Posts: 3
Threads: 1
Joined: Oct 2022
I have a simple mad libs genarator and template text. when I try to replace part of speech it's just do noting and return unchanged string. I don't know what's the problem I don't get any error message
import os
import random
import re
def generator(text:str) -> str:
'''find needed words in text and ask user enter them, then print result'''
parts_of_speech: list = re.findall('_+\s?\([^\)]+\)', text)
words: dict = {}
for part in parts_of_speech:
text_to_user = part.replace('_', '').replace('(', '').replace(')', '').replace('\n', ' ')
words[part] = input(f'Please input a(n) {text_to_user}\n')
os.system('cls' if os.name == 'nt' else 'clear')
for regex, replacable_world in words.items():
text = re.sub(regex, replacable_world, text, 1)
print(text)
def get_template(witch: str = None) -> str:
'''just get a template from text file'''
if witch:
return open(f'./templates/{witch}.txt', 'r').read()
template: str = random.choice(os.listdir('./templates'))
return open(f'./templates/{template}', 'r').read()
def main() -> None:
generator(get_template('The Monkey King!'))
if __name__ == '__main__':
main() "
The day I saw the Monkey King __________(verb) was one of the most
interesting days of the year.
After he did that, the king played chess on his brother's
__________(noun) and then combed his __________ (adjective) hair with a
comb made out of old fish bones. Later that same day, I saw the
Monkey King dance __________ (adverb)
in front of an audience of kangaroos and wombats.
"
Posts: 6,120
Threads: 16
Joined: Feb 2020
Some characters have special meanings in regular expressions, such as (). You obviously know this because your used backslashes to remove their special meaning in this:
re.findall('_+\s?\([^\)]+\)', text) You could proces the regex strings to add in the backslashes, but it is easier to use str.replace().
Ryokousha likes this post
Posts: 26
Threads: 1
Joined: Mar 2022
Hello,
(Oct-02-2022, 04:50 AM)deanhystad Wrote: Some characters have special meanings in regular expressions, such as (). You obviously know this because your used backslashes to remove their special meaning in this:
re.findall('_+\s?\([^\)]+\)', text) You could proces the regex strings to add in the backslashes, but it is easier to use str.replace(). We can use a rstring...
Ryokousha likes this post
I speak Python but I don't speak English (I just read it a little). If I express myself badly, please blame the translator^^.
Posts: 795
Threads: 127
Joined: Jul 2017
Oct-02-2022, 05:59 AM
(This post was last modified: Oct-02-2022, 05:59 AM by Pedroski55.)

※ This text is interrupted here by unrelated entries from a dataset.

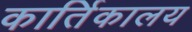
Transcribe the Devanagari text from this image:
कार्तिकालय
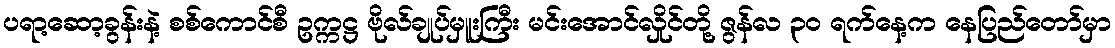
ပရာ့ဆော့ခွန်းနဲ့ စစ်ကောင်စီ ဥက္ကဋ္ဌ ဗိုလ်ချုပ်မှူးကြီး မင်းအောင်လှိုင်တို့ ဇွန်လ ၃၀ ရက်နေ့က နေပြည်တော်မှာ
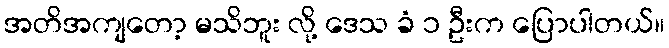
အတိအကျတော့ မသိဘူး လို့ ဒေသ ခံ ၁ ဦးက ပြောပါတယ်။
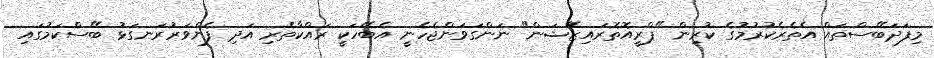
މިފަދަބޭސްތައް އެތެރެކުރުމުގެ ކުރިން "ޕްރީއޮތޮރައިޒޭޝަން" ނަންގަވަންޖެހެނީ އެބޭހަކީ ރައްކާތެރި އަދި ފެންވަރުރަނގަޅު ބޭސްކަމުގައި
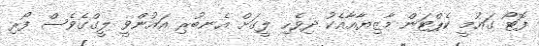
ފޮޓޯ ގައުމީ ކެޕްޓަން މާޒިޔާއާއެކު ދިވެހި ލީގަށް އެނބުރި އައުންވީ ލީގްގެވެސް ފޯރި
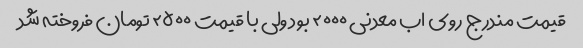
قیمت مندرج روی اب معدنی ۲۰۰۰ بود ولی با قیمت ۲۵۰۰ تومان فروخته شد
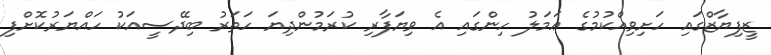
ޒީފިޔާޒްގައި ހަށިވިއްކުމުގެ ޢަމަލު ހިންގައި އެ ވިޔަފާރި ކުރަމުންދިޔަ ހަތަރު ބިދޭސީއަކު ހައްޔަރުކޮށްފި
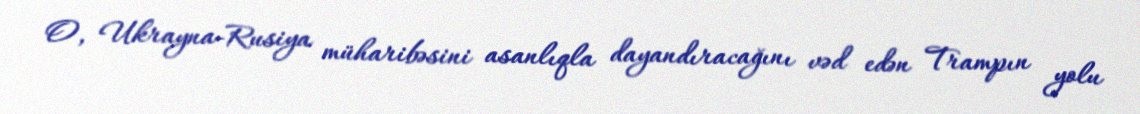
O, Ukrayna-Rusiya müharibəsini asanlıqla dayandıracağını vəd edən Trampın yolu
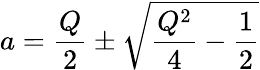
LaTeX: a=\frac{Q}{2}\pm\sqrt{\frac{Q^{2}}{4}-\frac{1}{2}}
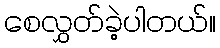
စေလွှတ်ခဲ့ပါတယ်။
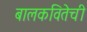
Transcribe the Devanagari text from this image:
बालकवितेची

I make gapped texts for classroom use. Starting with a text, I make a list of words I want to extract and the line number, as the answer key.
The AK looks like this:
Quote:3,woman
4,dog
5,monkey
Just loop through the AK replacing the words, later the gapped text gets saved as .docx file, with the missing words in a table.
number = 1
for word in AKlist:
# word looks like 3,woman\n
splitword = word.split(',')
# get rid of the comma to get the line number
line = splitword[0]
# minus 1 because the list string1 starts at 0
linenum = int(line) -1
print('line number is', linenum)
newword = splitword[1].replace('\n', '')
print('newword is', newword)
sentence = string1[linenum]
print('sentence', linenum, sentence)
repl = f'{number}. ___________'
# another re command
# sentence = re.sub(r"\b{}\b".format(word), newword, sentences)

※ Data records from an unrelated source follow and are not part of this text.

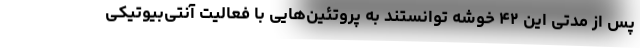
پس از مدتی این ۴۲ خوشه توانستند به پروتئین‌هایی با فعالیت آنتی‌بیوتیکی
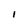
Character: 1
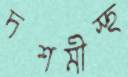
দশমীস্হ
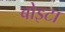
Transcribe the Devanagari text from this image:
बोइटा
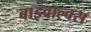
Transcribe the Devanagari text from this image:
बाइवाल्वस
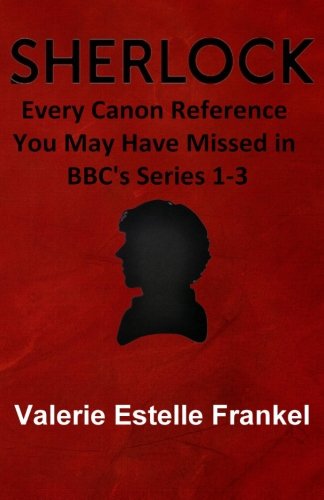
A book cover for Sherlock: Every Canon Reference You May Have Missed in BBC's Series 1-3; Valerie Estelle Frankel; Humor & Entertainment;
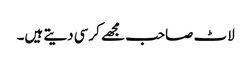
لاٹ صاحب مجھے کرسی دیتے ہیں۔
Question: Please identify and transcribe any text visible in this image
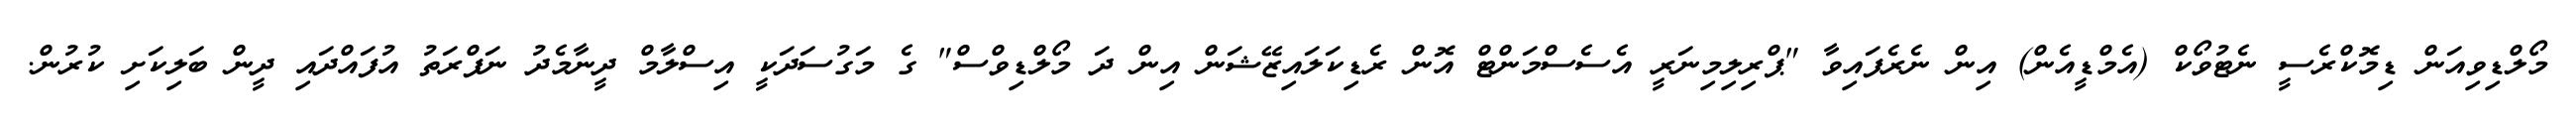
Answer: މޯލްޑިވިއަން ޑިމޮކްރެސީ ނެޓުވޯކް (އެމްޑީއެން) އިން ނެރެފައިވާ "ޕްރިލިމިނަރީ އެސެސްމަންޓް އޮން ރެޑިކަލައިޒޭޝަން އިން ދަ މޯލްޑިވްސް" ގެ މަގުސަދަކީ އިސްލާމް ދީނާމެދު ނަފްރަތު އުފައްދައި ދީން ބަލިކަށި ކުރުން.
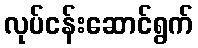
လုပ်ငန်းဆောင်ရွက်
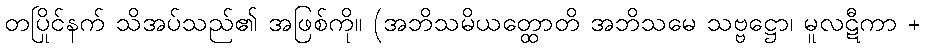
တပြိုင်နက် သိအပ်သည်၏ အဖြစ်ကို။ (အဘိသမိယတ္ထောတိ အဘိသမေ သဗ္ဗဋ္ဌော၊ မူလဋီကာ +
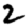
Digit: 2
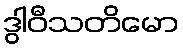
ဒွါဝီသတိမော
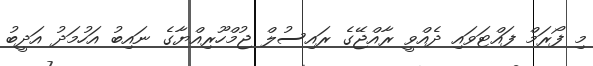
މި ފޯރަމް ފައްޓަވައި ދެއްވީ ރާއްޖޭގެ ރައިސުލް ޖުމްހޫރިއްޔާގެ ނައިބު އަހުމަދު އަދީބު
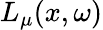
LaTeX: L_{\mu}(x,\omega)
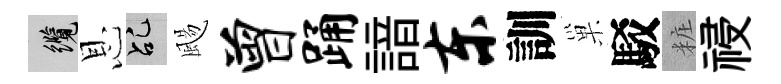
纜恩乩颺曾踊諳东訓巢駁粧祲
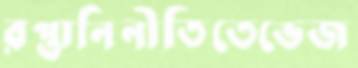
রপ্তানিনীতিতেভেজ
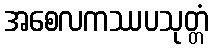
အစေလကဿပသုတ္တံ
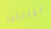
بيانات
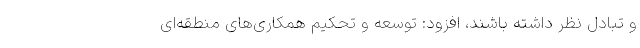
و تبادل نظر داشته باشند، افزود: توسعه و تحکیم همکاری‌های منطقه‌ای
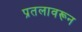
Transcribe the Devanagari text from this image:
प्रतलावरून
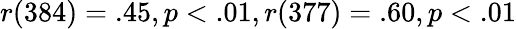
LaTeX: r(384)=.45,p<.01,r(377)=.60,p<.01
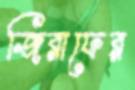
জিরাফের
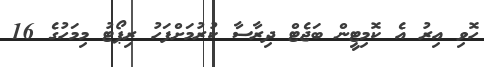
ހޮވި އިރު އެ ކޮމިޓީން ބަޖެޓް ދިރާސާ ކުރުމަށްފަހު ރިޕޯޓު މިމަހުގެ 16
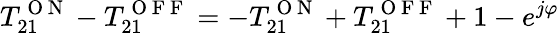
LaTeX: T_{21}^{\mathrm{~O~N~}}-T_{21}^{\mathrm{~O~F~F~}}=-T_{21}^{\mathrm{~O~N~}}+T_{21}^{\mathrm{~O~F~F~}}+1-e^{j\varphi}
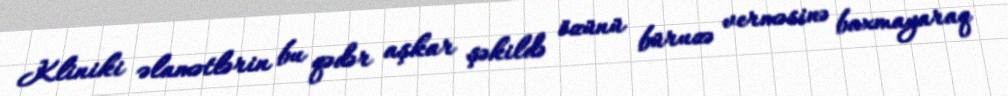
Kliniki əlamətlərin bu qədər aşkar şəkildə özünü büruzə verməsinə baxmayaraq
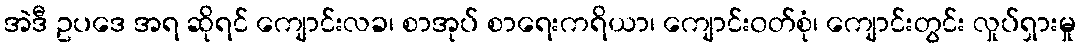
အဲဒီ ဥပဒေ အရ ဆိုရင် ကျောင်းလခ၊ စာအုပ် စာရေးကရိယာ၊ ကျောင်း၀တ်စုံ၊ ကျောင်းတွင်း လှုပ်ရှားမှု
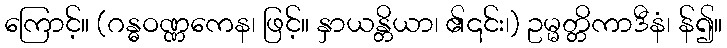
ကြောင့်။ (ဂန္ဓဝဏ္ဏကေန၊ ဖြင့်။ နှာယန္တိယာ၊ ၏၎င်း၊) ဥမ္မတ္တိကာဒီနံ၊ န်၍။

sentence = re.sub(newword, repl, sentence, count=1)
print(sentence)
string1[linenum] = sentence
number +=1
Posts: 3
Threads: 1
Joined: Oct 2022
(Oct-02-2022, 04:50 AM)deanhystad Wrote: Some characters have special meanings in regular expressions, such as (). You obviously know this because your used backslashes to remove their special meaning in this:
re.findall('_+\s?\([^\)]+\)', text) You could proces the regex strings to add in the backslashes, but it is easier to use str.replace().
Oh, that was a such stupid mistake. Thank you!
Posts: 3
Threads: 1
Joined: Oct 2022
(Oct-02-2022, 05:42 AM)Coricoco_fr Wrote: Hello,
(Oct-02-2022, 04:50 AM)deanhystad Wrote: Some characters have special meanings in regular expressions, such as (). You obviously know this because your used backslashes to remove their special meaning in this:
re.findall('_+\s?\([^\)]+\)', text) You could proces the regex strings to add in the backslashes, but it is easier to use str.replace(). We can use a rstring...

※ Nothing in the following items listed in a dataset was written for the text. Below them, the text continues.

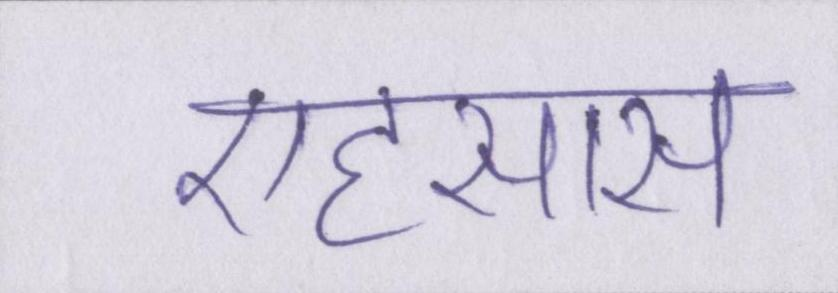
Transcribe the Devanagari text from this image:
एहसास
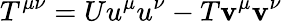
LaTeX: T^{\mu\nu}=Uu^{\mu}u^{\nu}-T\mathbf{v}^{\mu}\mathbf{v}^{\nu}
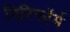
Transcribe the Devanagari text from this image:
पिरिफॉर्म
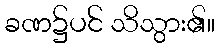
ခဏ၌ပင် သိသွား၏။
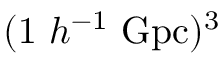
( 1 \ h ^ { - 1 } \ \mathrm { G p c } ) ^ { 3 }
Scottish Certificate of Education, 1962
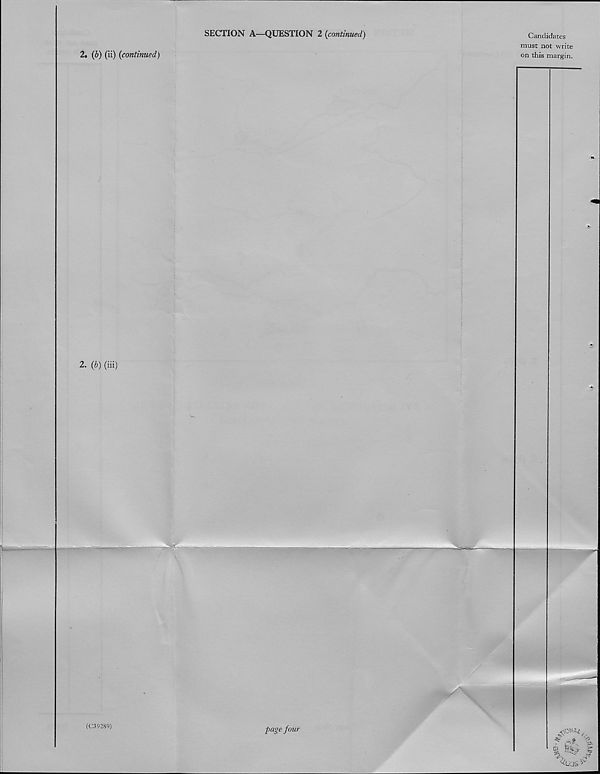
2. (b) (ii) {continued)
2. {b) (iii)
SECTION A—QUESTION 2 {continued)
Candidates
must not write
on this margin.
page four
>s ' 's'
(C39289)
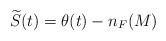
LaTeX: \begin{align*}\widetilde{S}(t) = \theta(t) - n_{F}(M)\end{align*}

Hello, Do you know how can we format string to raw string? I've googled it but that not work
Posts: 7,068
Threads: 122
Joined: Sep 2016
(Oct-02-2022, 07:06 AM)Ryokousha Wrote: Hello, Do you know how can we format string to raw string? I've googled it but that not work You add r (raw string) to the regex pattern,do this always as a habit or can get problems.
Example add car after new line( \n ).
>>> import re
>>>
>>> s = ' hello world\n'
>>> re.sub('(\n)', '\1car', s)
' hello world\x01car So it fails,now add r and it's ok.
>>> import re
>>>
>>> s = ' hello world\n'
>>> re.sub(r'(\n)', r'\1car', s)
' hello world\ncar' From regex doc.
Quote:The solution is to use Python’s raw string notation for regular expression patterns ;
backslashes are not handled in any special way in a string literal prefixed with 'r'.
So r"\n" is a two-character string containing '\' and 'n', while "\n" is a one-character string containing a newline.
Usually patterns will be expressed in Python code using this raw string notation.
Posts: 6,120
Threads: 16
Joined: Feb 2020
Oct-02-2022, 03:00 PM
(This post was last modified: Oct-02-2022, 03:00 PM by deanhystad.)
This is not an issue of raw strings. Raw strings are used to prevent backslashes from being treated as escape sequences. An r"string" has no effect on parentheses. As you know, your problem was that re.sub() interpreted the parentheses in your regex strings as grouping characters instead of literal parentheses.
When a python program is compiled (converted to bytecodes) all strings are converted to raw strings (escape sequences are replaced with associated character(s)). Strings with an "r" prefix skip the escape sequence processing as they are already in "raw" form. Since all strings are "raw" strings when your program runs, there is no way, or no need, to convert a str to a "raw" str.
You don't want two loops in generator(). Replace the words as they are encountered.
def generator(text:str) -> str:
'''find needed words in text and ask user enter them, then print result'''
for placeholder in re.findall(r'_+\s?\([^\)]+\)', text): # good spot for a raw string
word_type = placeholder.replace('_', '').replace('(', '').replace(')', '').replace('\n', ' ')
text = text.replace(placeholder, input(f'Please input a(n) {word_type}\n'), 1)
print(text) This is a wonderful example of simpler is better. The dictionary in your solution limits your madlib to one noun, one verb, one adjective, etc. I suppose you could have verb2 and noun3, but that either looks clunky (Enter a verb2) or requires extra processing to remove the extra sequence number. It is much easier to replace the placeholders as they are encountered. With no dictionary you don't have to worry about uniqueness. Your madlib can have 10 nouns, because your program only knows about the next noun.
|